The office software giant Microsoft is buying business networking site LinkedIn. Why? Because it can.

The acquisition makes sense on certain levels when one considers Microsoft’s core customers are corporate organizations and businesses. LinkedIn is a sort of Facebook for business people, albeit at a much smaller scale. While some non-US business networking outfits like Xing and Viadeo have attempted emulate LinkedIn’s networking in Europe, LinkedIn owns the U.S. business networking market.

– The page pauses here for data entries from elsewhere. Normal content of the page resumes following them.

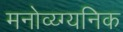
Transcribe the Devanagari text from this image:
मनोव्य्ग्यनिक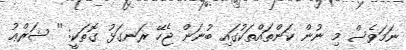
ނަމަވެސް މި ނުން ކަންތައްތަކުގައި ބުނަން ޖެހޭ ރަނގަޅު ގޮތަކީ: '' ޝަރްޢު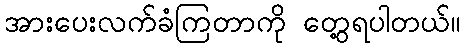
အားပေးလက်ခံကြတာကို တွေ့ရပါတယ်။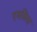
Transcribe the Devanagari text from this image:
एमसिस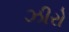
ઝીરો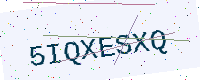
Text: 5IQXESXQ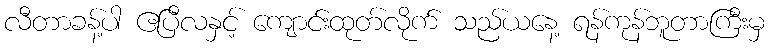
လီတာခန့်ပါ ဧပြီလနှင့် ကျောင်းထုတ်လိုက် သည်ယနေ့ ရန်ကုန်ဘူတာကြီးမှ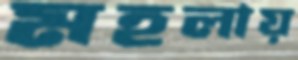
মহলায়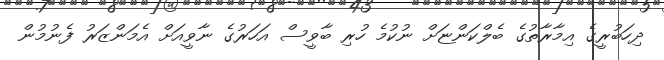
ދިހަބުރީގެ އިމާރާތުގެ ބެލްކަންޏަށް ނުކުމެ ހުރި ބާވީސް އަހަރުގެ ނާވީއަށް އެމަންޒަރު ފެނުމުން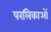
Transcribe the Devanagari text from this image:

LinkedIn also owns Lynda.com, an online training and education site. LinkedIn purchased the site in 2015 for $1.5B, a seemingly inane waste of precious cash for a company that has yet to turn a profit since its inception. Yes, Lynda.com was aimed squarely at business people seeking to enhance their skills to remain competitive in the job market. But that market is already heavily served by a large number of new economy and old brick-and-mortar institutions. Still, a misguided trophy purchase for LinkedIn could become a tactical windfall for Microsoft. Microsoft’s training and education efforts for its own products have always been woefully stunted and half-hearted. Lynda.com staffers, if given the latitude to make improvements, could turn that entire sorry state of affairs around.

Let us be clear. Microsoft isn’t buying LinkedIn to acquire Lynda.com. They aren’t buying LinkedIn to compete against Facebook. They are not even buying LinkedIn to remain relevant in the modern cloud software ecosystem. No, they are buying LinkedIn to absorb them in their quest to maintain their business systems monopoly.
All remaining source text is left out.